Addressing risks using server clusters

Applies To: Windows Server 2003, Windows Server 2003 R2, Windows Server 2003 with SP1, Windows Server 2003 with SP2

Addressing risks using server clusters

When you configure a cluster, identify the possible failures that can interrupt access to resources. A single point of failure is any component in your environment that would block data or applications if it failed. Single points of failure can be hardware, software, or external dependencies, such as power supplied by a utility company and dedicated wide area network (WAN) lines.

In general, you provide maximum reliability when you:

  • Minimize the number of single points of failure in your environment.

  • Provide mechanisms that maintain service when a failure occurs.

With Windows Server 2003, Enterprise Edition and Windows Server 2003, Datacenter Edition, you can use server clusters and new administrative procedures to provide increased reliability. However, server clusters are not designed to protect all components of your workflow in all circumstances.
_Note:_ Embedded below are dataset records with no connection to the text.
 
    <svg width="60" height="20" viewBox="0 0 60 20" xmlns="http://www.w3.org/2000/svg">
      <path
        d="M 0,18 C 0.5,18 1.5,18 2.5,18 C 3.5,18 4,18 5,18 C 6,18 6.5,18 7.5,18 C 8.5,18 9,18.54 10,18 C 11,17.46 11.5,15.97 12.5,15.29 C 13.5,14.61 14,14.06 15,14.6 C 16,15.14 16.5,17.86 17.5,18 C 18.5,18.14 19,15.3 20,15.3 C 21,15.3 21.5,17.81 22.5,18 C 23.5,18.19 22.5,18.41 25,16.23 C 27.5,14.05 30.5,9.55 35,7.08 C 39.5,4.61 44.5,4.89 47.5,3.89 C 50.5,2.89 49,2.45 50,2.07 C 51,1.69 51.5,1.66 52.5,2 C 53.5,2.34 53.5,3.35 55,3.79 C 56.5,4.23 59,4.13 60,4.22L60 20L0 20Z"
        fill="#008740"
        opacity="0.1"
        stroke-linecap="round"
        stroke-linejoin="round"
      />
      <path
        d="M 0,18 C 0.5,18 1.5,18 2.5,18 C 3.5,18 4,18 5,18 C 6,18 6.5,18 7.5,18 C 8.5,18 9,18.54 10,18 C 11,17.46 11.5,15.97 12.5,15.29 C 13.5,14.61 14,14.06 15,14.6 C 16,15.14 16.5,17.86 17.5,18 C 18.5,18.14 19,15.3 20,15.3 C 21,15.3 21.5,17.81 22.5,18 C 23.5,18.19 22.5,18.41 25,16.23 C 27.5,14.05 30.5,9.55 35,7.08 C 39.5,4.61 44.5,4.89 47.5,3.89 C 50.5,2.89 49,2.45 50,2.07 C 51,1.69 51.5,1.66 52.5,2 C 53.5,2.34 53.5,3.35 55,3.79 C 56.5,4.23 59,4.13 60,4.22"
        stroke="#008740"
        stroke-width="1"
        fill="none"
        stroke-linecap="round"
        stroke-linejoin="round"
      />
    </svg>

For example, clusters are not an alternative to backing up data; clusters protect only availability of data, not the data itself.

The following table lists common points of failure and describes whether the point of failure can be protected, either by server clusters or by other means.
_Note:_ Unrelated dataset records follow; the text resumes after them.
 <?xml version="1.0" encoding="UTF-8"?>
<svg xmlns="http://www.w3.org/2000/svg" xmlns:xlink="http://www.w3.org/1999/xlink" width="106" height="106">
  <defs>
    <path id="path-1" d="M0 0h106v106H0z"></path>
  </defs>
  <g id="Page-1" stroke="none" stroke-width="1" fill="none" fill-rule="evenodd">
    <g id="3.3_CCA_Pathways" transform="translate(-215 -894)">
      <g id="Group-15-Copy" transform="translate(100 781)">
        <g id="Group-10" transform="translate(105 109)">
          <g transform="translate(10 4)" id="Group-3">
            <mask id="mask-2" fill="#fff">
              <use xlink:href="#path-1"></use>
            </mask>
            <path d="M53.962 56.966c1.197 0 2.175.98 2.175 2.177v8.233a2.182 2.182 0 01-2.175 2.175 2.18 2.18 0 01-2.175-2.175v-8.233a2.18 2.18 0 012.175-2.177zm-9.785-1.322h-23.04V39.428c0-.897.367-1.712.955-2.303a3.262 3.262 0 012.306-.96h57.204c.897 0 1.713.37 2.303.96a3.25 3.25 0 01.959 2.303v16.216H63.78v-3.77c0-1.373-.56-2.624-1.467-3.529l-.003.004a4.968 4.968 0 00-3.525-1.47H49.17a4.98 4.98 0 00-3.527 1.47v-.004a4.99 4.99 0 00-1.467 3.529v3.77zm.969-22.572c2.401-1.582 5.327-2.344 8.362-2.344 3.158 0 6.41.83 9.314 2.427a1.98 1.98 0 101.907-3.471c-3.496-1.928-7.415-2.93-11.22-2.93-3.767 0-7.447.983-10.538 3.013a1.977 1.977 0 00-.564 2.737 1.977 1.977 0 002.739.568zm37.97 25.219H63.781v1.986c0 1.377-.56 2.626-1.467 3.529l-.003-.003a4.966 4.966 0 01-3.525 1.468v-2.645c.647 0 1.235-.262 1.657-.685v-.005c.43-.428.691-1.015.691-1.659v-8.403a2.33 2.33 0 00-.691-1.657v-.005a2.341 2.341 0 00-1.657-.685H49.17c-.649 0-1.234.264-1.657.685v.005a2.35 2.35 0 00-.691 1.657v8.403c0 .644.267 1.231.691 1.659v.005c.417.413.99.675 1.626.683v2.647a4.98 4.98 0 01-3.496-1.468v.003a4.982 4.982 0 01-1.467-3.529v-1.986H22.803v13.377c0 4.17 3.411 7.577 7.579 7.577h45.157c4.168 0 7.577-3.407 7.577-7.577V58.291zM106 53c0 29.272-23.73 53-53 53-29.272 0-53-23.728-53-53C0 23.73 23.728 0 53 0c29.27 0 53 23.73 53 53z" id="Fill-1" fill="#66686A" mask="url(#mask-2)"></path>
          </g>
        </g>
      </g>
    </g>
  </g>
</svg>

Failure point server cluster solution Other solutions

Network hub

Redundant networks. For more information, see Configuring cluster network hardware.

--

Utility company power

--

Uninterruptible power supply (UPS).

Put each cluster node on a separate circuit.

server connection

Failover

--

Disk

--

Hardware RAID, to protect the data on the disk. For more information, see Hardware redundant array of independent disks (RAID).
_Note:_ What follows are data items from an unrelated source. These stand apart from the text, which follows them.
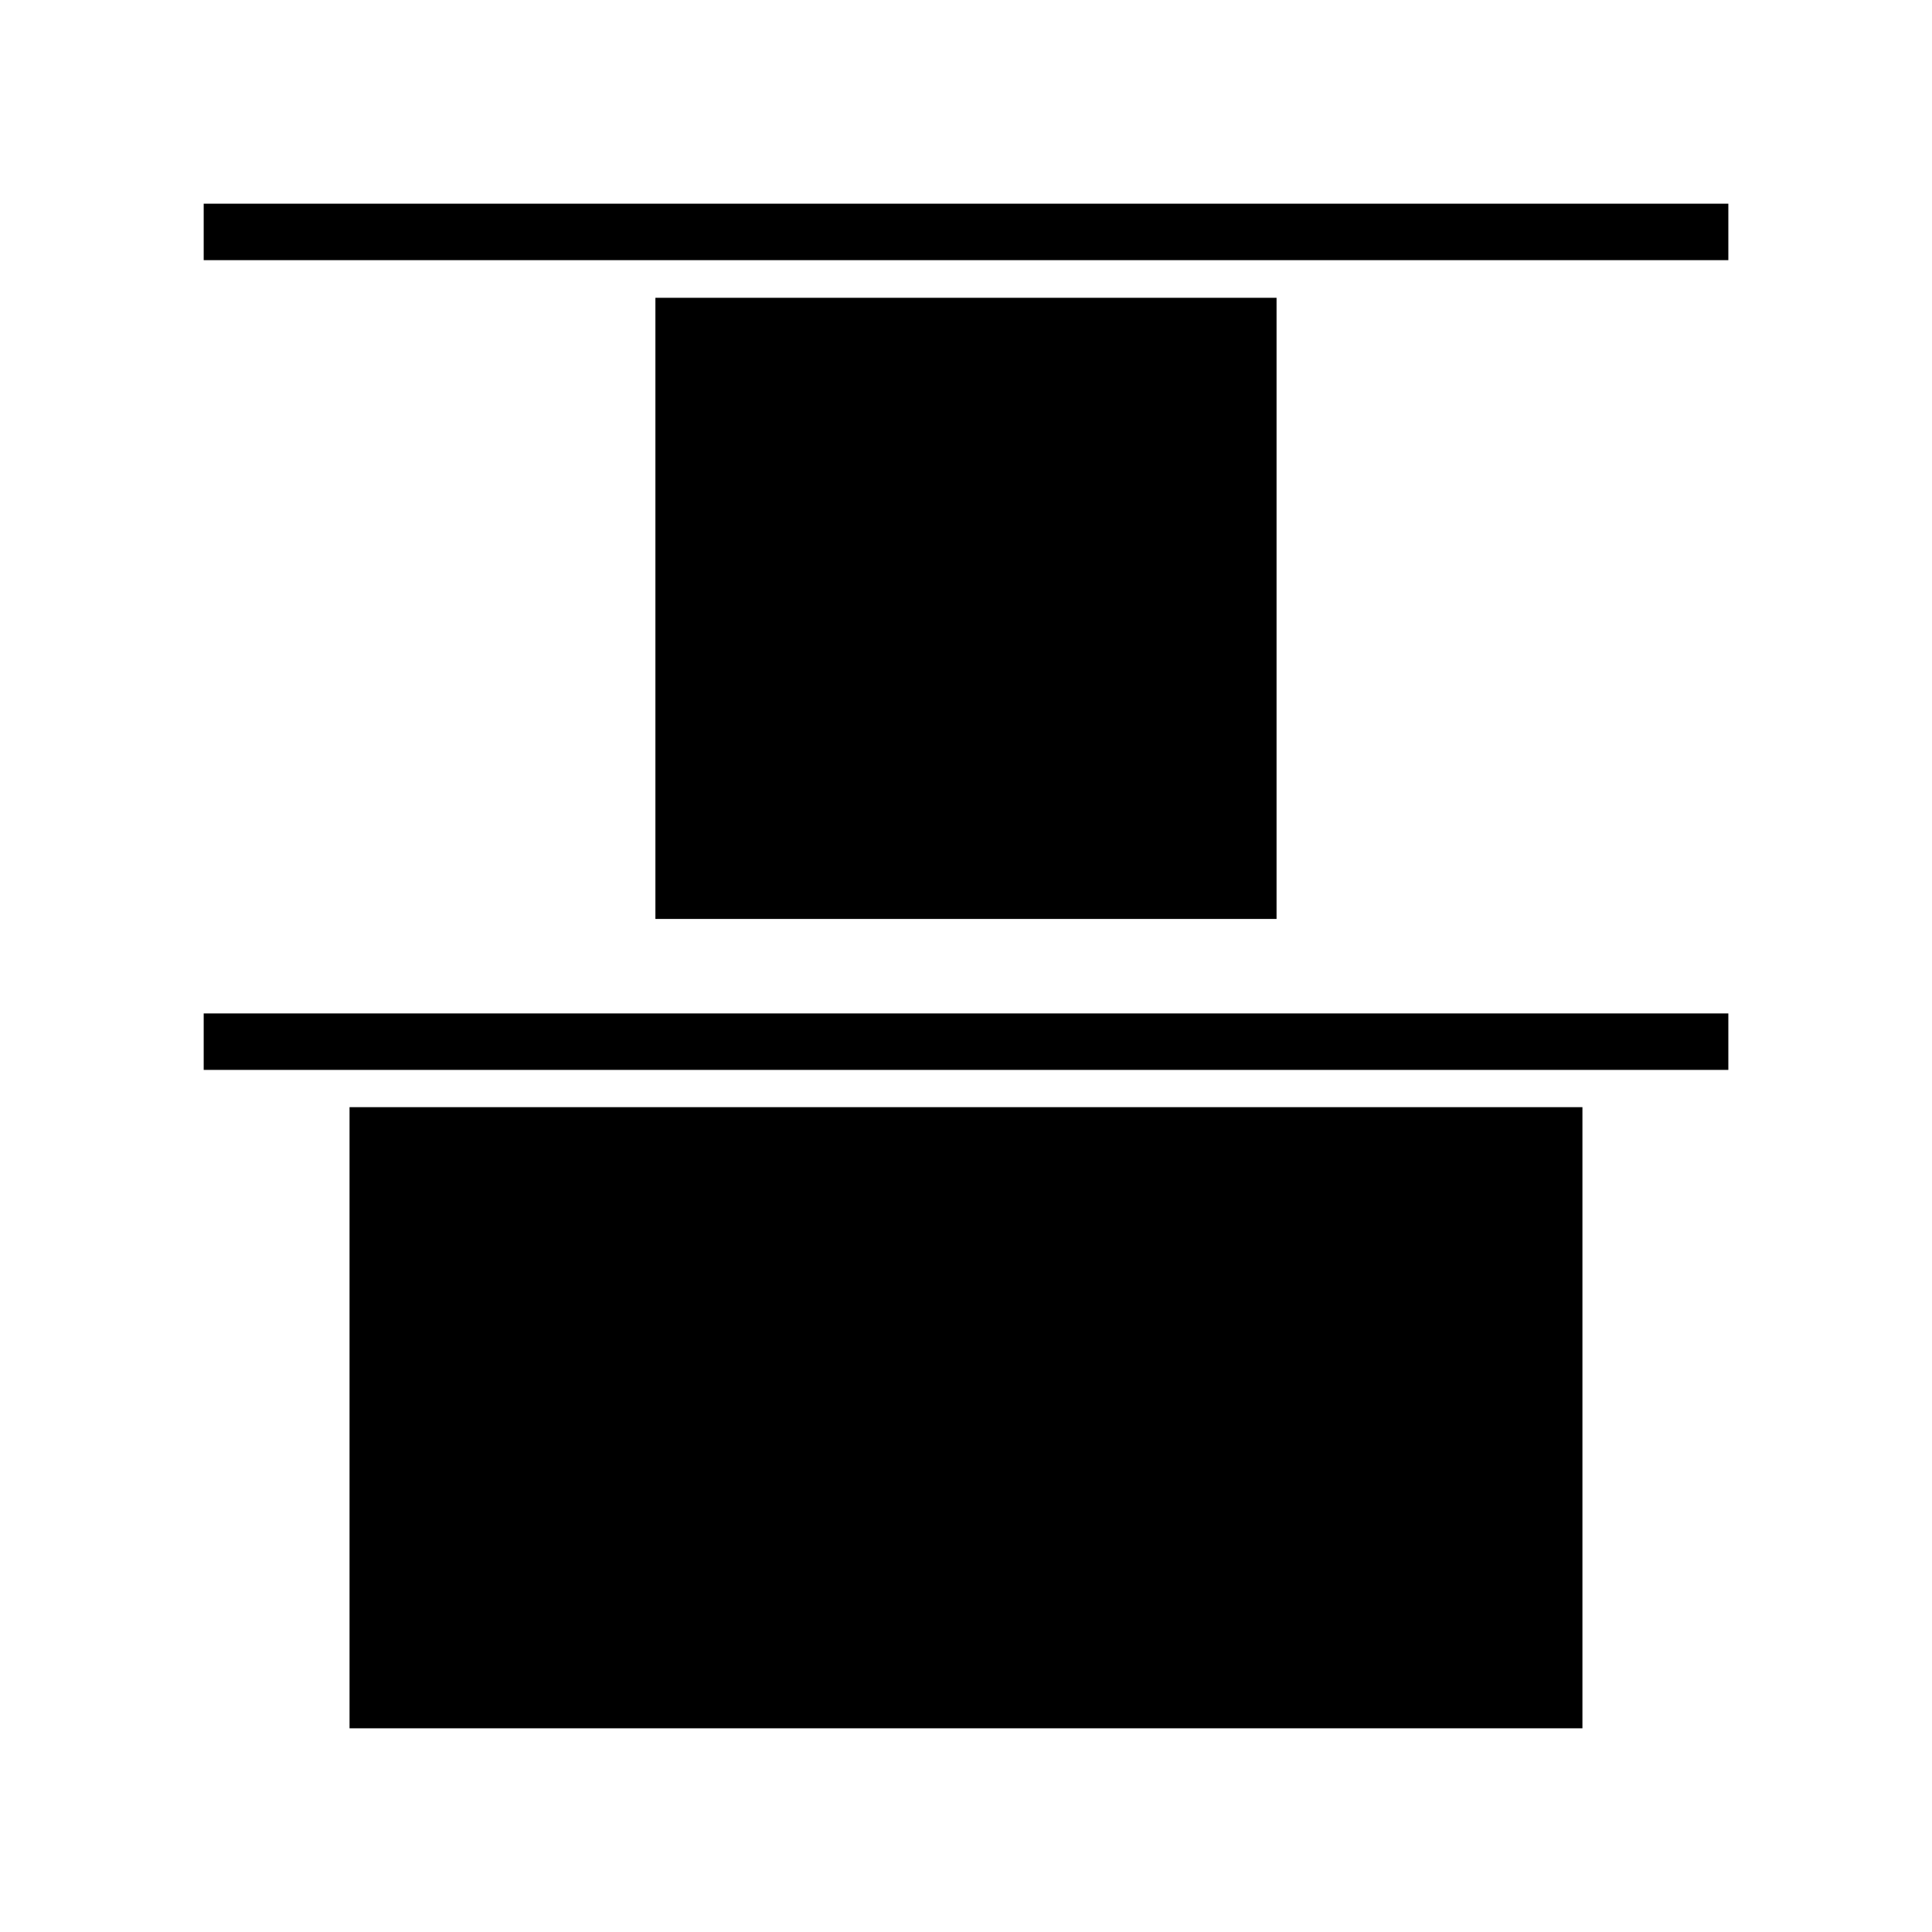 <?xml version="1.0" encoding="UTF-8"?>
<!-- Uploaded to: SVG Repo, www.svgrepo.com, Generator: SVG Repo Mixer Tools -->
<svg fill="#000000" width="800px" height="800px" version="1.1" viewBox="144 144 512 512" xmlns="http://www.w3.org/2000/svg">
 <g>
  <path d="m197.98 197.98h404.05v14.965h-404.05z"/>
  <path d="m317.69 222.92h164.61v164.61h-164.61z"/>
  <path d="m236.63 437.41h326.73v164.61h-326.73z"/>
  <path d="m197.98 412.57h404.05v14.965h-404.05z"/>
 </g>
</svg>

Other server hardware, such as CPU or memory.

Failover

--

server software, such as the operating system or specific applications.

Failover

--

Wide area network (WAN) links, such as routers and dedicated lines.

--

Redundant links over the WAN, to provide secondary access to remote connections.

Dial-up connection

--

Multiple modems.

Client computer within your organization

--

Configuring multiple clients for the same level of access. If one client fails, you still have access through other clients.

Authentication of the cluster service account

--

Redundant networks.

Configure individual nodes as domain controllers.

To further increase the availability of network resources and prevent the loss of data:

  • Consider having replacement disks and controllers available at your site. Always make sure that any spare parts you keep on hand exactly match the original parts, including network and SCSI components. The cost of two spare SCSI controllers can be a small fraction of the cost of having hundreds of clients unable to use data.

  • Consider providing UPS protection for individual computers and the network itself, including hubs, bridges, and routers. Computers running Windows Server 2003, Standard Edition support UPS. Many UPS solutions provide power for 5 to 20 minutes, which is long enough for the operating system to do an orderly shutdown when power fails.